ML3.4b ML software which provides default values for training rates should clearly document anticipated restrictions of validity of those default values; for example through clear suggestions that user-determined and -specified values may generally be necessary or preferable.*
ML3.7 For ML software in which algorithms are coded in C++, user-controlled use of either CPUs or GPUs (on NVIDIA processors at least) should be implemented through direct use of libcudacxx
.*
ML4.1c Information used to advance to next point, for example quantification of local gradient.
ML4.3 All parameters controlling batch processing and associated terminology should be explicitly documented, and it should not, for example, be presumed that users will understand the definition of “epoch” as implemented in any particular ML software.*
ML4.4 Explicit guidance should be provided on selection of appropriate values for parameter controlling batch processing, for example, on trade-offs between batch sizes and numbers of epochs (with both terms provided as Control Parameters in accordance with the preceding standard, ML3).
ML4.6 ML software should by default provide explicit information on the progress of batch jobs (even where those jobs may be implemented in parallel on GPUs). That information may be optionally suppressed through additional parameters.*
ML4.7 ML software should provide an ability to combine results from multiple re-sampling iterations using a single parameter specifying numbers of iterations.
ML4.8 Absent any additional specification, re-sampling algorithms should by default partition data according to proportions of original test and training data.
ML4.8a Re-sampling routines of ML software should nevertheless offer an ability to explicitly control or override such default proportions of test and training data.*
ML5.1 As for the untrained model objects produced according to the above standards, and in particular as a direct extension of ML3.3, the properties and behaviours of trained models produced by ML software should be explicitly compared with equivalent objects produced by other ML software. (Such comparison will generally be done in terms of comparing model performance, as described in the following standard ML5.3–ML5.4).
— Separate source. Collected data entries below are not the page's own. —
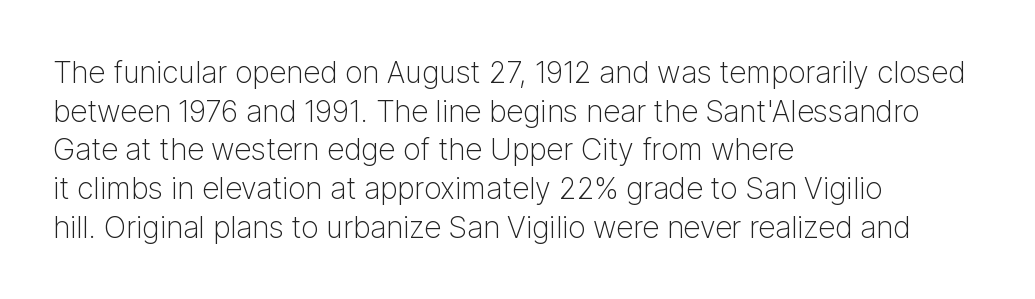
The image shows 30 px light sans-serif type, upright; set left-aligned, normal line spacing (1.29x), normal letter spacing, not underlined; low stroke contrast and a medium x-height.
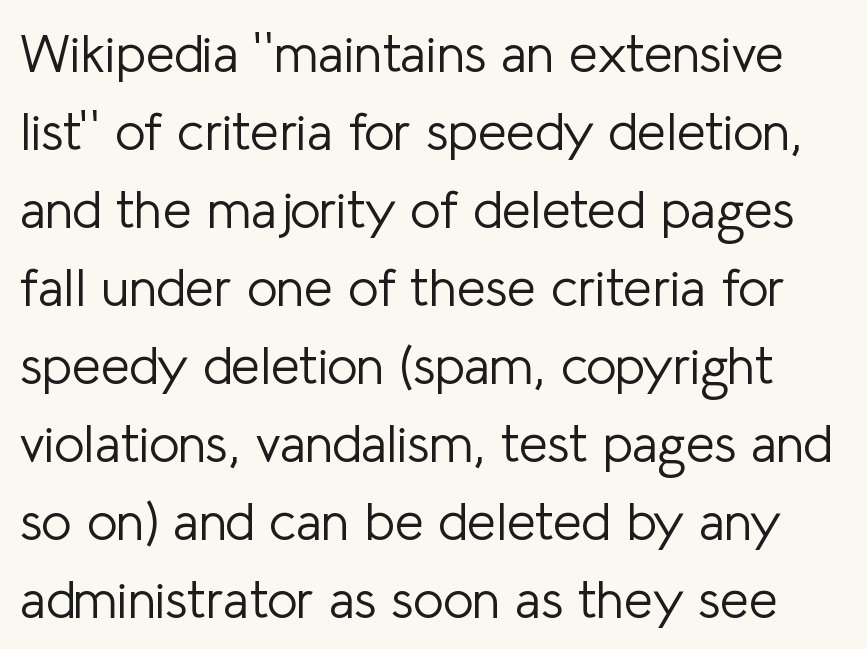
Leading matches the norm, producing a regular column. The font family rendered here belongs to the sans-serif group. Tall strokes in this sample are plumb rather than angled. The space beneath each line is pristine and unruled.
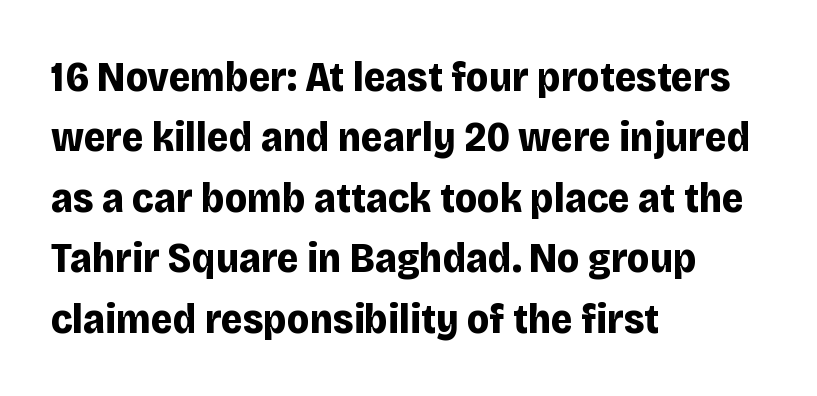
The vertical gap from one line to the next is medium. Visually the block forms a straight wall on the left and a jagged coastline on the right. Descender tails drop into unmarked territory. The face used here is proportionally spaced, like ordinary book or web type. Typesetter's note: full bold, strokes at maximum text heaviness.
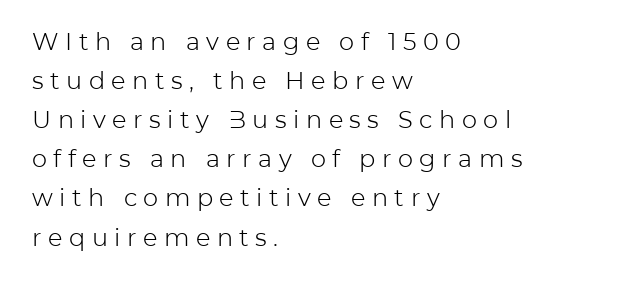
The image shows 24 px text type, upright; set left-aligned, normal line spacing (1.63x), unusually wide letter spacing (+0.27 em), not underlined.
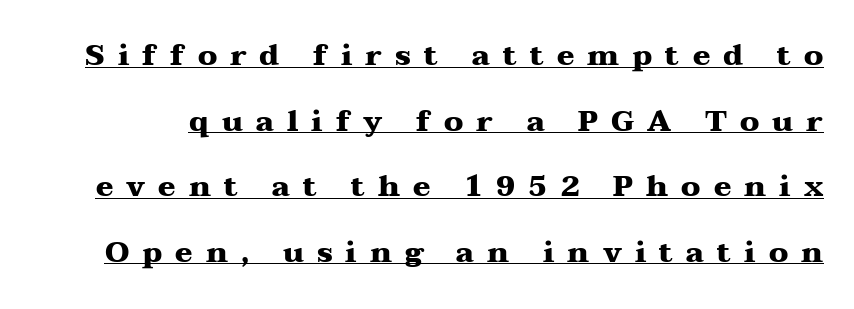
{"serif": "yes", "italic": "no", "bold": "yes", "weight": "heavy", "width": "wide", "stroke_contrast": "medium", "x_height": "medium", "monospaced": "no", "underline": "yes", "line_spacing": "loose", "line_spacing_ratio": 2.26, "letter_spacing": "wide", "letter_spacing_em": 0.45, "glyph_px": 29}
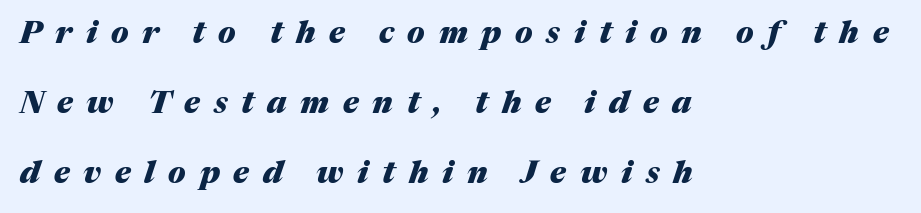
{"italic": "yes", "lean": "right", "slant_degrees": 17, "bold": "yes", "weight": "heavy", "width": "normal", "stroke_contrast": "medium", "x_height": "medium", "monospaced": "no", "underline": "no", "align": "left", "line_spacing": "loose", "line_spacing_ratio": 2.26, "letter_spacing": "wide", "letter_spacing_em": 0.44, "glyph_px": 31}
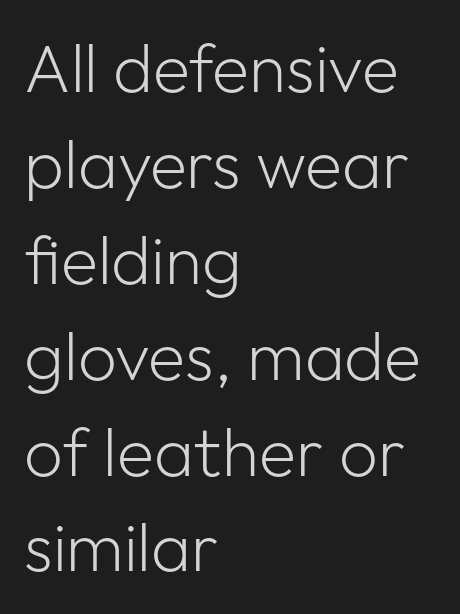
The image shows 68 px light sans-serif type, upright; set left-aligned, normal line spacing (1.41x), normal letter spacing, not underlined; low stroke contrast and a medium x-height.
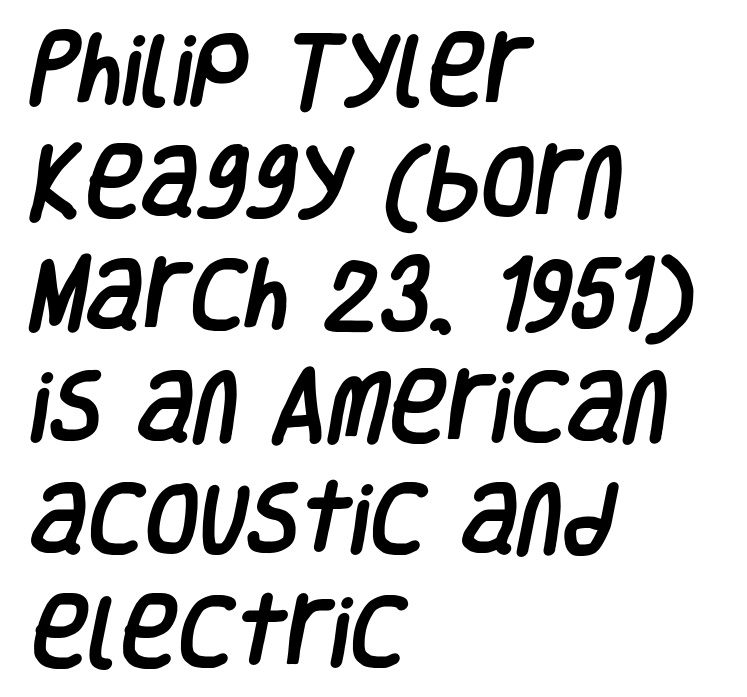
Which margin do the lines hug? The left one — the right edge is uneven. The space between consecutive lines is moderate. This sample has the flowing, uneven cadence of proportional lettering. Does the type have serifs? No, each stem ends abruptly. Unmarked baselines from the first word to the last.
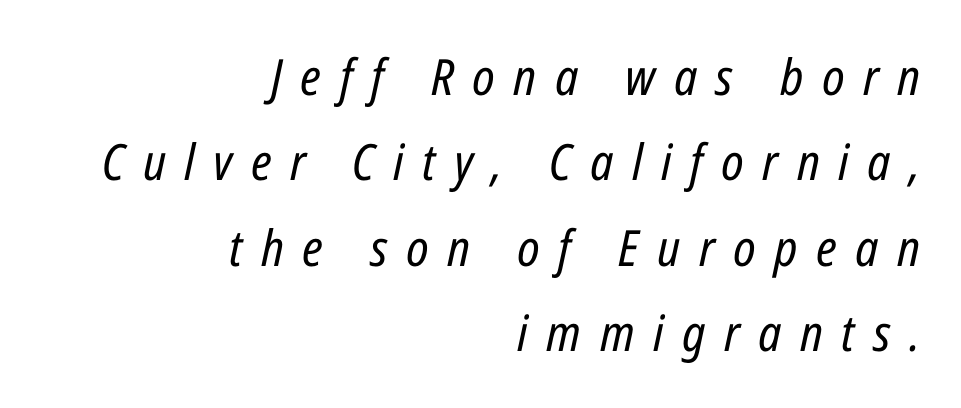
{"italic": "yes", "lean": "right", "slant_degrees": 12, "bold": "no", "weight": "regular", "width": "condensed", "stroke_contrast": "low", "x_height": "medium", "monospaced": "no", "underline": "no", "align": "right", "line_spacing_ratio": 1.71, "letter_spacing": "wide", "letter_spacing_em": 0.37, "glyph_px": 50}
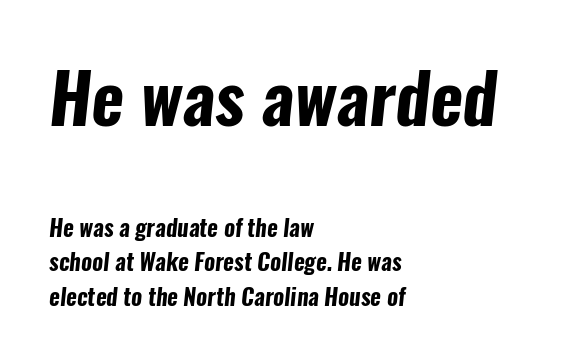
Letter spacing: default. Between these two stacked blocks, the higher one wins on size. As a designer I'd log this as weight 700, bold. Check under the words: just untouched page. One-word summary of the alignment: left. The face used here is proportionally spaced, like ordinary book or web type.
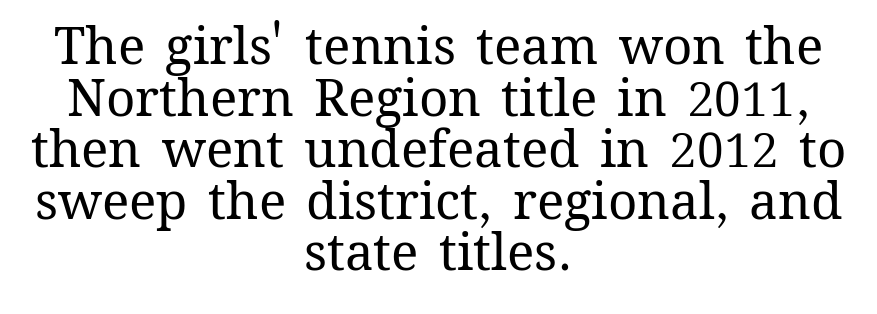
The image shows 51 px regular-weight type, upright; set centered, tight line spacing (1.01x), normal letter spacing, not underlined; medium stroke contrast and a medium x-height.
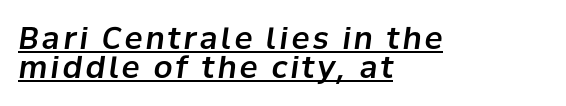
{"italic": "yes", "lean": "right", "slant_degrees": 8, "width": "normal", "stroke_contrast": "low", "x_height": "medium", "monospaced": "no", "underline": "yes", "align": "left", "line_spacing": "tight", "line_spacing_ratio": 0.96, "glyph_px": 30}
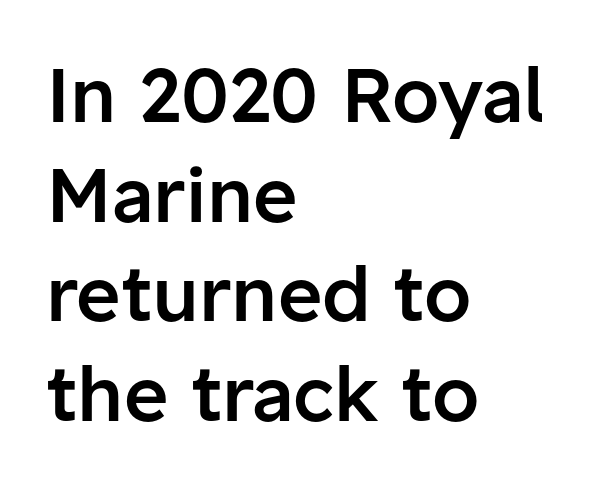
{"serif": "no", "italic": "no", "bold": "semi", "weight": "semibold", "width": "normal", "stroke_contrast": "low", "x_height": "medium", "monospaced": "no", "underline": "no", "align": "left", "line_spacing": "normal", "line_spacing_ratio": 1.31, "letter_spacing": "normal", "letter_spacing_em": 0.0, "glyph_px": 76}
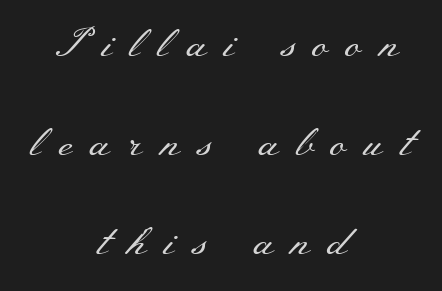
The image shows 40 px regular-weight, wide serif type; set centered, loose line spacing (2.48x), unusually wide letter spacing (+0.43 em), not underlined; medium stroke contrast and a small x-height.
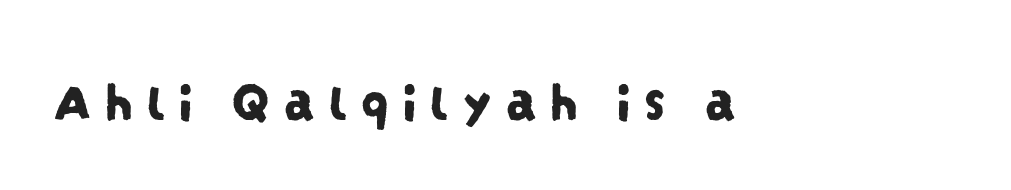
The image shows 57 px condensed sans-serif type; set unusually wide letter spacing (+0.22 em), not underlined; low stroke contrast and a large x-height.
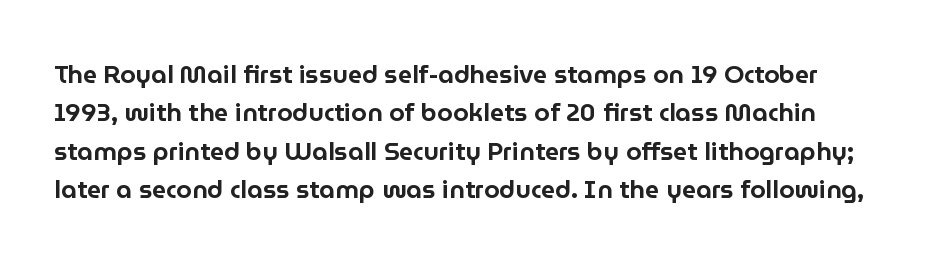
{"italic": "no", "underline": "no", "line_spacing": "normal", "line_spacing_ratio": 1.54, "letter_spacing": "normal", "letter_spacing_em": 0.0, "glyph_px": 25}
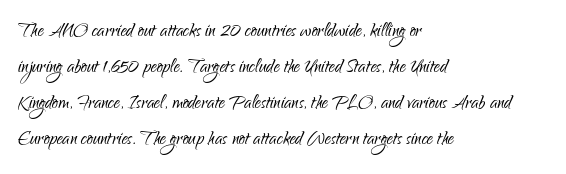
Q: Is the text bold? A: No.
Q: Is the text italic (slanted)? A: Yes.
Q: Is the text underlined? A: No.
Q: How is the paragraph aligned? A: Left-aligned.
Q: Is the spacing between letters normal or unusually wide? A: Normal.
Q: Is the spacing between lines tight, normal or loose? A: Normal.
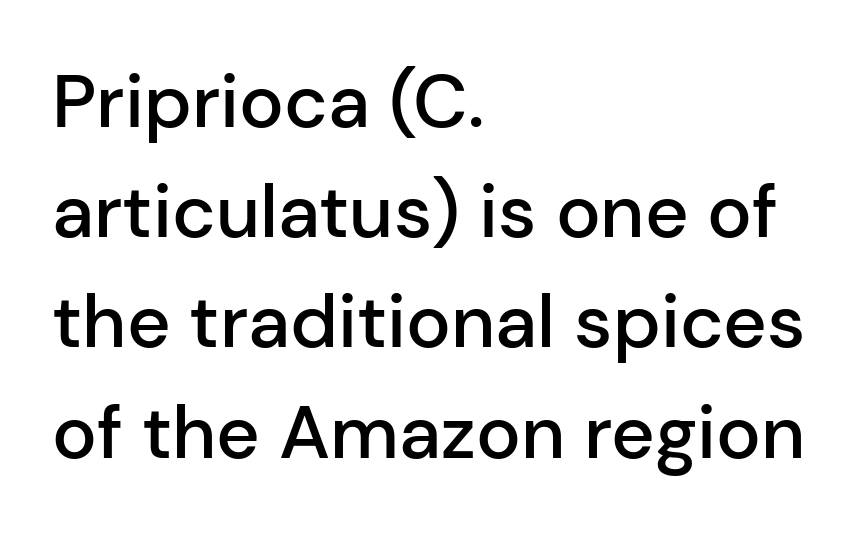
The image shows 75 px semibold sans-serif type, upright; set left-aligned, normal line spacing (1.47x), normal letter spacing, not underlined; low stroke contrast and a medium x-height.

ML5.2c Where general functions for saving or serializing objects, such as saveRDS
are not appropriate for storing local copies of trained models, an explicit function should be provided for that purpose, and should be demonstrated with example code.*
ML7.0 Test should explicitly confirm partial and case-insensitive matching of “test”, “train”, and, where applicable, “validation” data.
ML7.11a Tests which compare metrics should do so over a range of inputs (generally implying differently trained models) to demonstrate relative advantages and disadvantages of different metrics.
ML7.2 For software which imputes missing data, tests should compare internal imputation with explicit code which directly implements imputation steps (even where such imputation is a single-step implemented via some external package). These tests serve as an explicit reference for how imputation is performed.*
ML7.3 Where model objects are implemented as distinct classes, tests should explicitly compare the functionality of these classes with functionality of equivalent classes for ML model objects from other packages.
ML7.3a These tests should explicitly identify restrictions on the functionality of model objects in comparison with those of other packages.
ML7.3b These tests should explicitly identify functional advantages and unique abilities of the model objects in comparison with those of other packages.*
ML7.4 ML software should explicit document the effects of different training rates, and in particular should demonstrate divergence from optima with inappropriate training rates.
ML7.5 ML software which implements routines to determine optimal training rates (see ML3.4, above) should implement tests to confirm the optimality of resultant values.
ML7.6 ML software which implement independent training “epochs” should demonstrate in tests the effects of lesser versus greater numbers of epochs.